Spearheaded by Boston Common Asset Management, a socially-conscious investment firm, the resolution calls for Cisco to publish a report to shareholders detailing "concrete steps the company could reasonably take to reduce the likelihood that its business practices might enable or encourage the violation of human rights, including freedom of expression and privacy."

A similar proposal from Boston Common received 20% support from voting shareholders at last year's Cisco annual meeting. Such shareholder resolutions are non-binding regardless of the outcome of the vote.

Thursday's vote comes two days after Yahoo announced a sweeping settlement with the families of two jailed Chinese journalists, who were charged with seditious activities after Yahoo and its local ISP partner, Alibaba, disclosed their identities to the government. The imprisoned dissidents' families filed suit against the companies in federal court in San Francisco last April.

At a congressional hearing on the matter last week, Yahoo co-founder and CEO Jerry Yang, a native of Taiwan, was castigated by members of Congress for the company's "sickening cooperation" with repressive authorities. Rep. Tom Lantos, of California, called company executives "moral pygmies" during the hearing.

At issue with Cisco is less direct involvement with authoritarian crackdowns. The networking giant sells millions of dollars worth of equipment to governments like the People's Republic of China, Saudi Arabia, and Vietnam, which human rights groups accuse of engaging in repression of free speech and privacy violations. Shareholder activists claim that Cisco is not doing enough to insure that such technology is not being used to violate citizens' rights and to fragment or Balkanize the Internet.

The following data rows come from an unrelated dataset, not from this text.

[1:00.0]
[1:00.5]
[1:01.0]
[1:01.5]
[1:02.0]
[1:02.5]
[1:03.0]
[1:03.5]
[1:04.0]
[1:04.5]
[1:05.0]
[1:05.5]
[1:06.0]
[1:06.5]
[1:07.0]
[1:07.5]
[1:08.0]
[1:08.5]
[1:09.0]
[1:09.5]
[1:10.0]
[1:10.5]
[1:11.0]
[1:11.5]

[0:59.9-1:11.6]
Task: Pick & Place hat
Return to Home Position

"Today, the Internet you access here in San Jose is not the same Internet accessible in Hanoi, Tunis, Beijing, Tashkent, or Jeddah," Sister Gladys Guenther, a nun with the Bay-Area Holy Family Sisters, said in a prepared statement presenting the Boston Common proposal at Thursday's meeting. "Repressive policies in these and other markets translate Cisco technology into a tool to violate the rights of citizens."

The shareholder resolution is co-sponsored by three large institutional investors: the City of New York's Comptroller Office, which controls the city employees' pension fund; Domini Social Investments; and Catholic Healthcare West. Together the four organizations control nearly 21,000,000 Cisco shares.

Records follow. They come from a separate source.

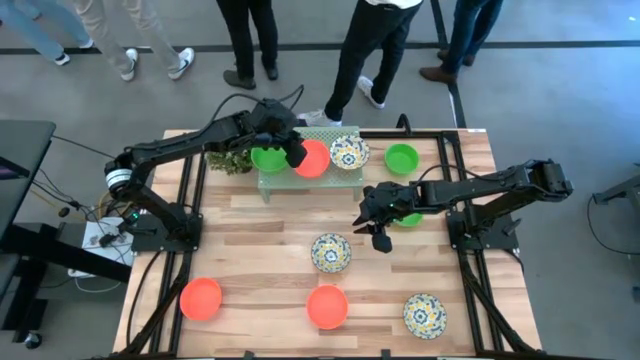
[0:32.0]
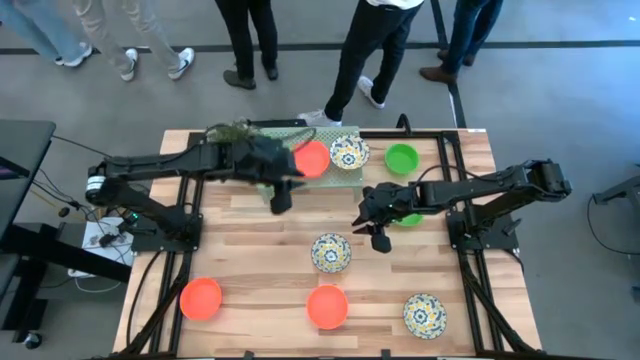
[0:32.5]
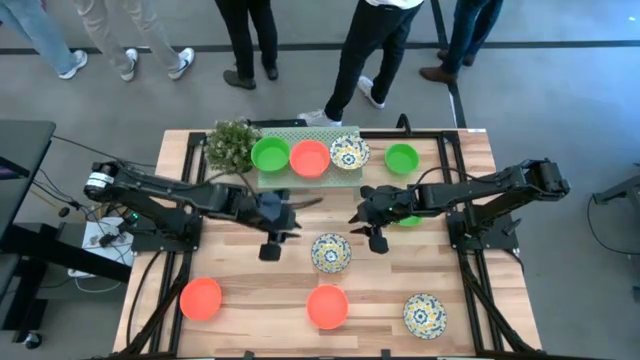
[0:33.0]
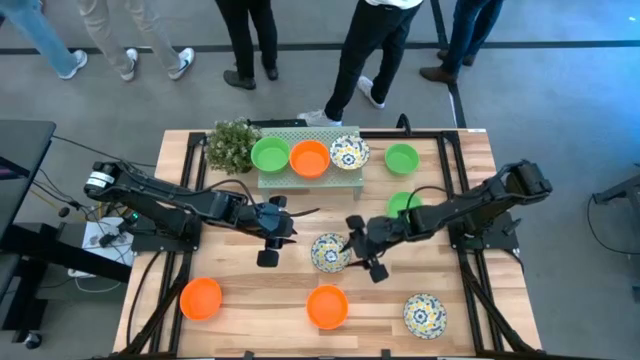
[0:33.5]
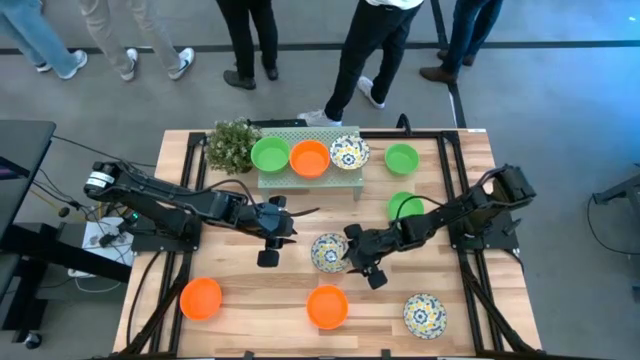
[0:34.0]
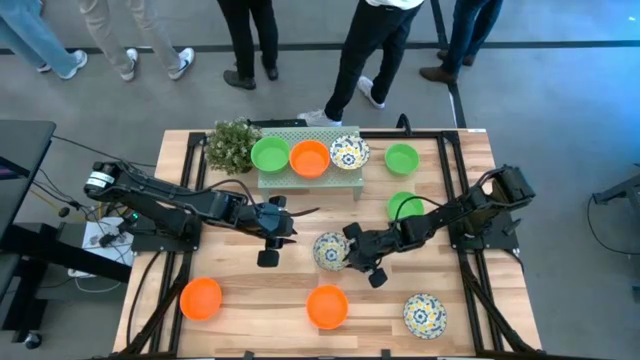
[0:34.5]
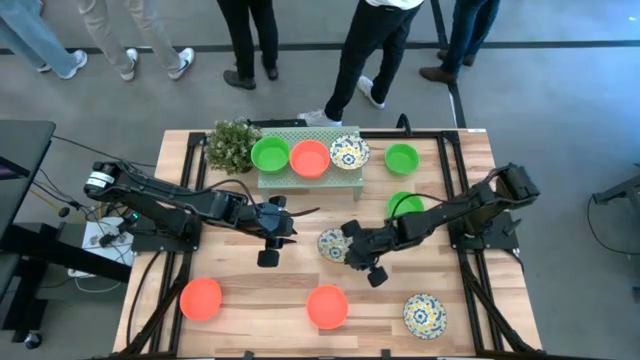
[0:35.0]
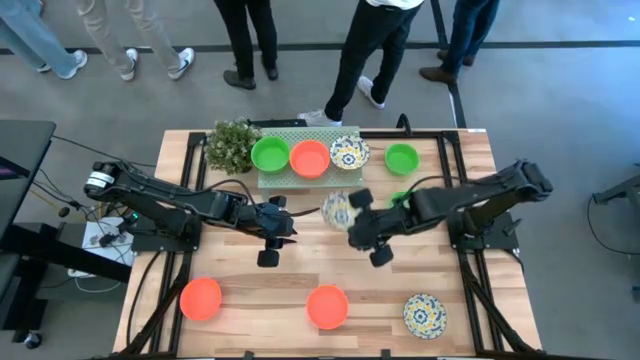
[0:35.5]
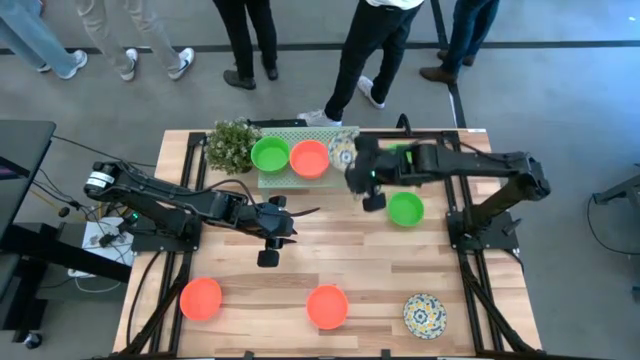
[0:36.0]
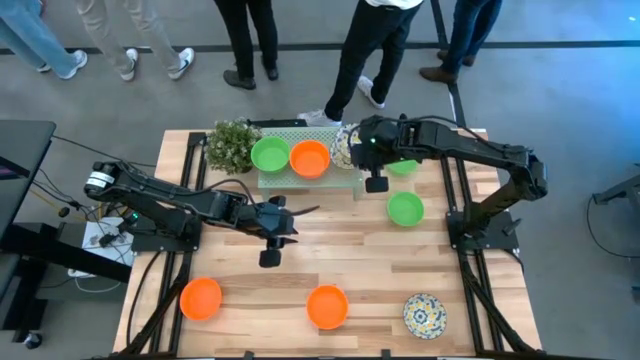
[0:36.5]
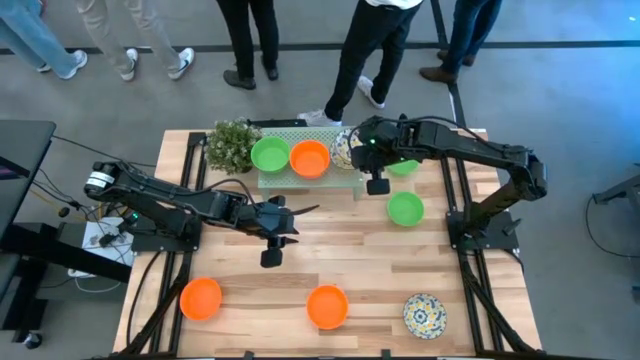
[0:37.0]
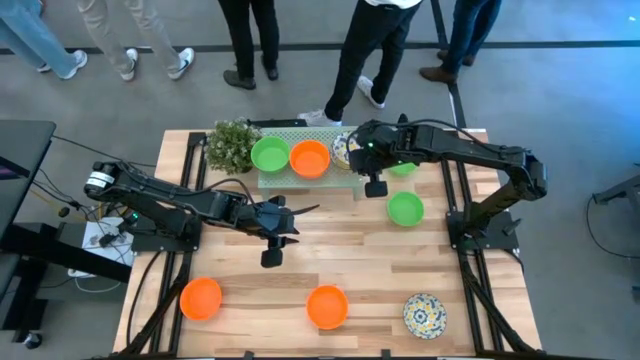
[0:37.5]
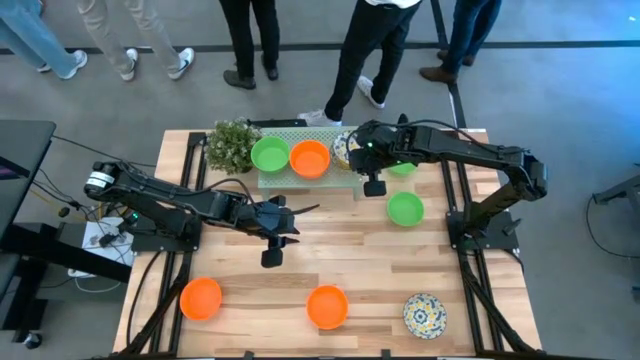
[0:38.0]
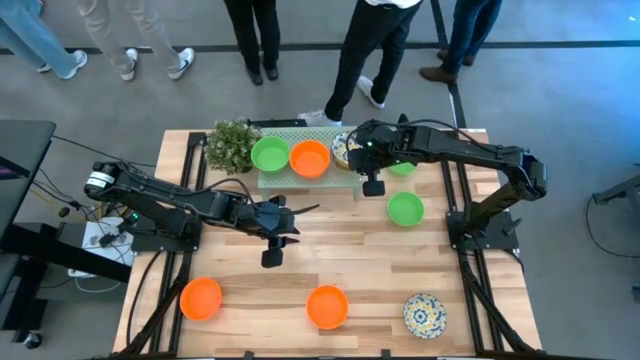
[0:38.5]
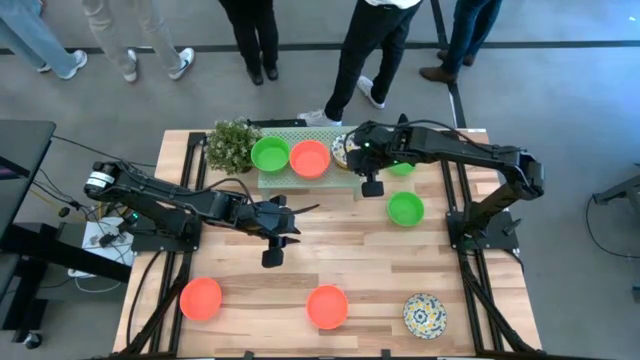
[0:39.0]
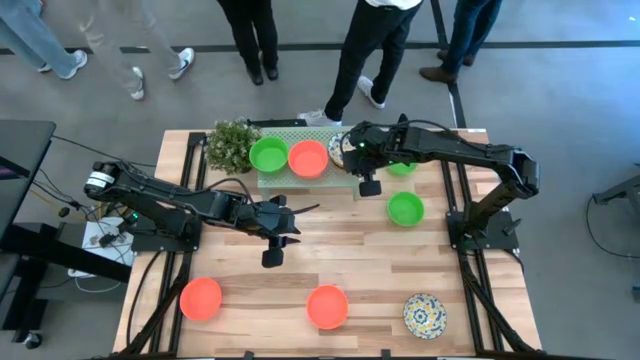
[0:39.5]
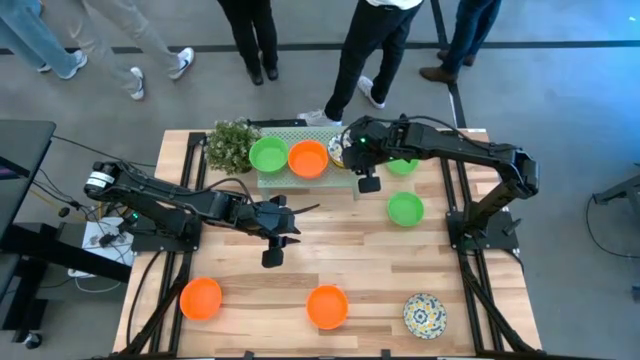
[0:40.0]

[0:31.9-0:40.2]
Task: Pick & Place Mini bowls
Stack the yellow bowl on top of the yellow bowl on the shelf

While Cisco has been vocal in supporting the idea of a free and open Internet, the company has to date declined to take concrete steps of the sort being demanded by the activist shareholders. In February 2006 Cisco general counsel Mark Chandler testified before the House Committee on International Relations, saying "The liberating power of the Internet depends on its existence as one global Internet... Any policies in this area should, we believe, proceed from the realization that its very global nature provides a unique tool for the dissemination of ideas and cultivation of freedoms. We should do nothing to disturb its promise."

Cisco, however, has declined to join a group of technology companies, academic institutions, and human rights organizations that is seeking "solutions to the free expression and privacy challenges faced by technology and communications companies doing business internationally." The group, formed under the auspices of the Center for Democracy and Technology, includes Google, Microsoft, Vodafone, and Yahoo.

In announcing on Nov. 1 that Cisco plans to double its investments in China, CEO John Chambers was asked about human rights concerns on the mainland. His response, essentially, was that Cisco does not concern itself with the politics of the countries in which it does business.